The value of the dollar (shown here measured against a basket of currencies) continues to fall–this of course makes imports more expensive to American consumers. There is inflation in China:

That means Americans, Europeans and other buyers will have to pay more for those goods or seek lower-cost suppliers elsewhere. In some cases, retailers are bidding for goods at prices the exporters consider too low.

“I hear that many Chinese exporters are rejecting orders from Wal-Mart and other Western retailers,” Mr. Tao said. “I’ve been covering the Chinese economy for a long time, and I’ve never heard that before.”

…which has the same effect of making U.S. manufacturing generally more competitive.

The natural effect of these phenomena is that manufacturing in the U.S., for export and for domestic consumption, becomes more competitive and hence factories operate at higher capacity, new ones are built, and employment increases along with economic growth. There are other factors that seem to point in this direction.

The greatly increased availability of U.S. natural gas, driven by new drilling technologies, offers potential advantages both to companies using gas as a feedstock and to those which are heavy energy consumers. Dow Chemical, for example, is increasing its production of ethane and of ethane’s downstream products: Dow’s plastics business has led earnings growth this year after lower natural-gas prices made U.S. production cheaper than oil-based resins made in Europe and Asia.

And in the broader manufacturing realm, quite a few companies are realizing that the “offshoring” boom was in some cases based on superficial analysis, ignoring the logistical realities of a 6000-mile-long supply chain and the consequent inventory, forecasting, and human communications problems. Our friends at Evolving Excellence cover this topic frequently. Note also that rising oil prices directly increase the costs of bunker fuel (for ships) and jet fuel (for planes) and hence have a significant negative effect on the economics of offshoring for many kinds of products.

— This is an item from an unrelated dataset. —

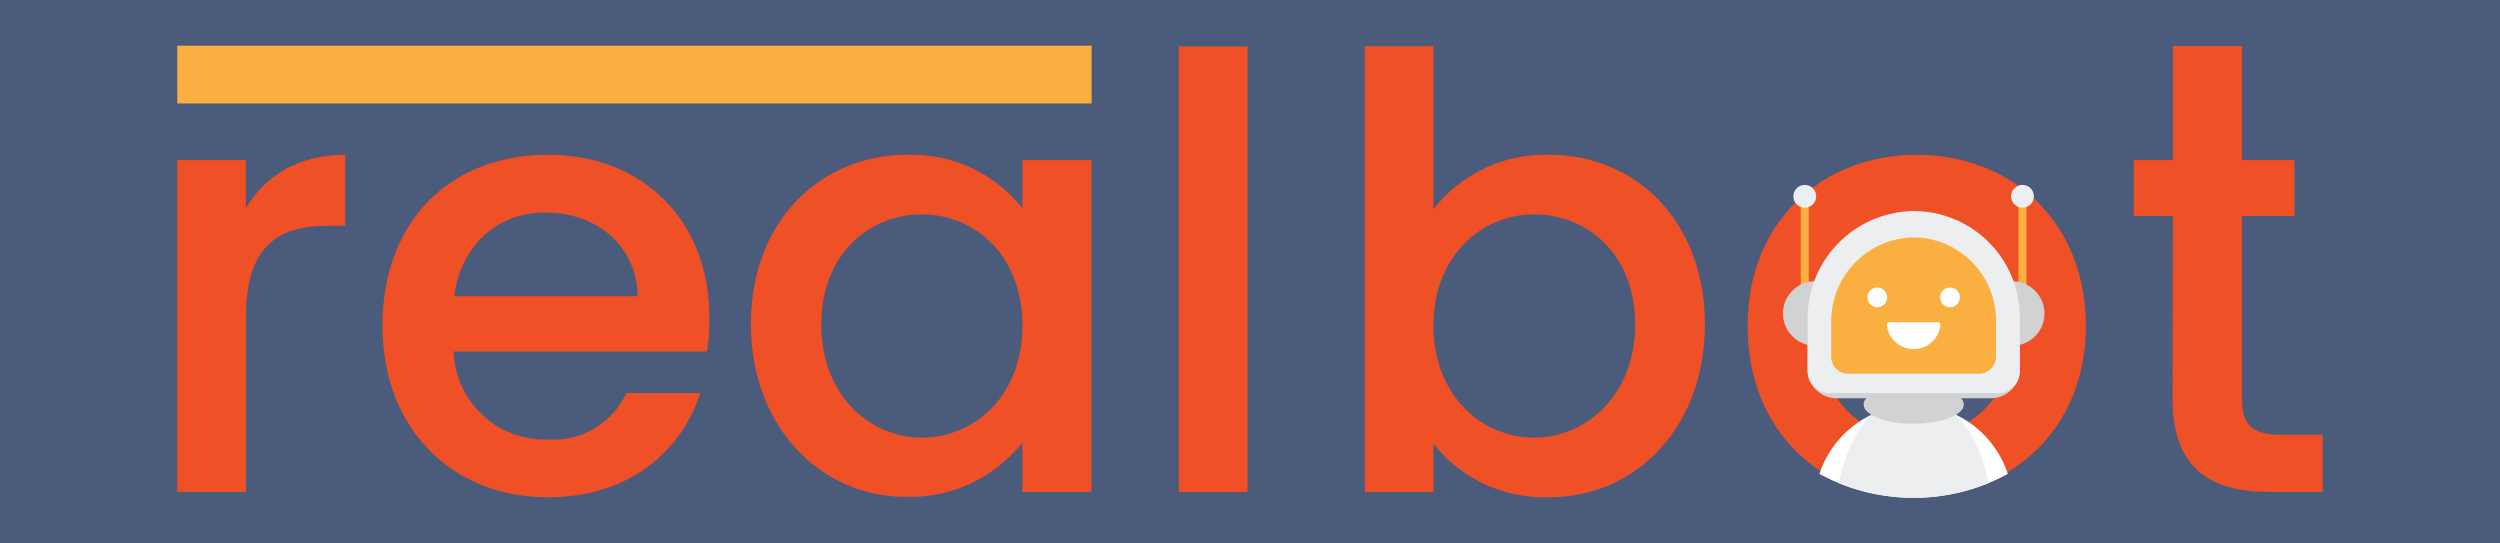 <svg xmlns="http://www.w3.org/2000/svg" viewBox="0 0 230 50"><defs><style>.a{fill:#4a5b7c;}.b{fill:#f05025;}.c{fill:#fffffd;}.d{fill:#edeeef;}.e{fill:#d1d2d3;}.f{fill:#faaf40;}.g{fill:#fff;}</style></defs><title>Light </title><rect class="a" width="230" height="50"/><path class="b" d="M22.62,45.25H16.31V14.73h6.31v4.43c1.77-3,4.82-4.92,9.14-4.92v6.53H30.15c-4.65,0-7.53,1.94-7.53,8.42Z"/><path class="b" d="M50.42,45.75c-8.75,0-15.23-6.21-15.23-15.79s6.2-15.72,15.23-15.72c8.69,0,14.84,6,14.84,15a19,19,0,0,1-.22,3.1H41.73a8.39,8.39,0,0,0,8.69,8.09,7.37,7.37,0,0,0,7.2-4.27h6.81C62.71,41.48,57.9,45.75,50.42,45.75Zm-8.64-18.5H58.67c-.11-4.71-3.82-7.7-8.53-7.7C45.88,19.55,42.45,22.43,41.78,27.25Z"/><path class="b" d="M83.48,14.24a13,13,0,0,1,10.58,4.92V14.73h6.36V45.25H94.06V40.71a13.16,13.16,0,0,1-10.69,5c-7.92,0-14.29-6.48-14.29-15.9S75.45,14.24,83.48,14.24Zm1.33,5.48c-4.71,0-9.25,3.54-9.25,10.13s4.54,10.41,9.25,10.41,9.25-3.71,9.25-10.3S89.57,19.72,84.81,19.72Z"/><path class="b" d="M108.45,4.27h6.32v41h-6.32Z"/><path class="b" d="M142.51,14.24c8.08,0,14.34,6.2,14.34,15.61s-6.31,15.9-14.34,15.9a13,13,0,0,1-10.63-4.93v4.43h-6.32v-41h6.32v15A13.05,13.05,0,0,1,142.51,14.24Zm-1.38,5.48c-4.71,0-9.25,3.71-9.25,10.24s4.54,10.3,9.25,10.3,9.3-3.82,9.3-10.41S145.89,19.72,141.13,19.72Z"/><path class="b" d="M176.07,45.75c-8.7,0-15.29-6.21-15.29-15.79s6.87-15.72,15.56-15.72S191.9,20.38,191.9,30,184.82,45.75,176.07,45.75Zm0-5.49c4.7,0,9.36-3.38,9.36-10.3s-4.49-10.24-9.2-10.24-9,3.32-9,10.24S171.3,40.26,176.07,40.26Z"/><path class="b" d="M199.9,19.88h-3.6V14.73h3.6V4.23h6.37v10.5h4.82v5.15h-4.82V36.77c0,2.27.89,3.22,3.55,3.22h3.87v5.26h-5c-5.43,0-8.81-2.27-8.81-8.48Z"/><path class="c" d="M176.06,37.25a9.25,9.25,0,0,0-8.67,6.35,18.16,18.16,0,0,0,17.33,0A9.23,9.23,0,0,0,176.06,37.25Z"/><path class="d" d="M176.06,36.35c-3.26,0-6,3.42-6.88,8.1a18.21,18.21,0,0,0,13.76,0C182.07,39.77,179.32,36.35,176.06,36.35Z"/><ellipse class="e" cx="176.06" cy="37.21" rx="4.61" ry="1.77"/><rect class="f" x="165.67" y="18.57" width="0.74" height="8.51"/><rect class="f" x="185.7" y="18.57" width="0.74" height="8.51"/><circle class="e" cx="167" cy="28.84" r="2.97"/><circle class="e" cx="185.12" cy="28.84" r="2.97"/><path class="e" d="M175.89,19.89a9.87,9.87,0,0,0-9.59,9.92V34A2.66,2.66,0,0,0,169,36.64h14.18A2.66,2.66,0,0,0,185.82,34V29.65A9.76,9.76,0,0,0,175.89,19.89Z"/><path class="d" d="M175.89,19.42a9.87,9.87,0,0,0-9.59,9.92v4.83a2,2,0,0,0,2,2h15.52a2,2,0,0,0,2-2v-5A9.76,9.76,0,0,0,175.89,19.42Z"/><path class="f" d="M175.93,21.84a7.72,7.72,0,0,0-7.46,7.8v3.17A1.56,1.56,0,0,0,170,34.38h12.07a1.56,1.56,0,0,0,1.56-1.57V29.52A7.64,7.64,0,0,0,175.93,21.84Z"/><circle class="g" cx="172.71" cy="27.36" r="0.91"/><circle class="g" cx="179.4" cy="27.36" r="0.91"/><path class="g" d="M178.28,29.64h-4.44a.25.25,0,0,0-.25.27,2.48,2.48,0,0,0,4.93,0A.23.23,0,0,0,178.28,29.64Z"/><circle class="d" cx="166.04" cy="18.06" r="1.05"/><circle class="d" cx="186.07" cy="18.06" r="1.05"/><rect class="f" x="16.31" y="4.2" width="84.12" height="5.32"/></svg>

So, can we expect a manufacturing renaissance in the U.S.? There are certainly indications of at least a temporary uptrend, and there are structural factors, as discussed above, which have the potential of creating growth over the long term.

I am afraid, though, that we are likely to snatch defeat from the jaws of victory. Multiple political and social factors will, unless they are reversed, make it difficult for U.S. manufacturing to live up to its full potential.